Supplied records —
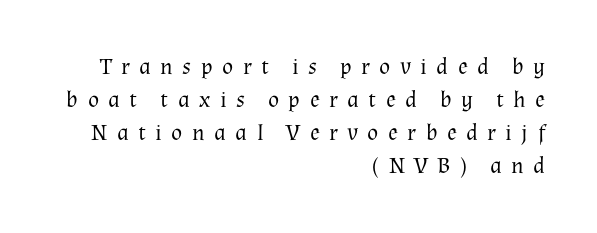
Glyph-to-glyph distance is far greater than everyday printed text. The strokes carry an ordinary text weight at most. The area under the type is left untouched. The rendering anchors every line to the right-hand side. The axis of the letterforms is exactly vertical.
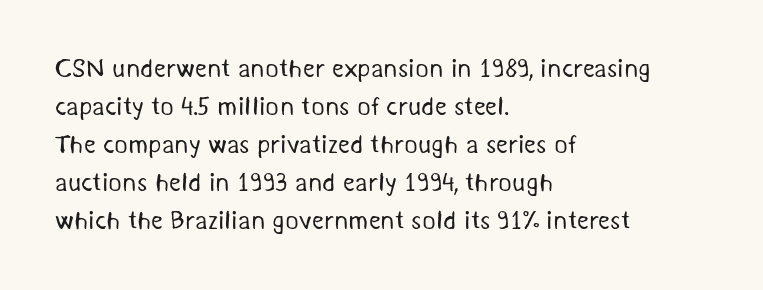
Q: Is the text bold? A: No.
Q: Is the text underlined? A: No.
Q: How is the paragraph aligned? A: Left-aligned.
Q: Is the spacing between letters normal or unusually wide? A: Normal.
Q: Is the spacing between lines tight, normal or loose? A: Normal.

Prompt — The answer should contain every line of the material exactly as written and no pictures.

Solution for this exercise —
Glyph-to-glyph distance is far greater than everyday printed text. The strokes carry an ordinary text weight at most. The area under the type is left untouched. The rendering anchors every line to the right-hand side. The axis of the letterforms is exactly vertical.
Q: Is the text bold? A: No.
Q: Is the text underlined? A: No.
Q: How is the paragraph aligned? A: Left-aligned.
Q: Is the spacing between letters normal or unusually wide? A: Normal.
Q: Is the spacing between lines tight, normal or loose? A: Normal.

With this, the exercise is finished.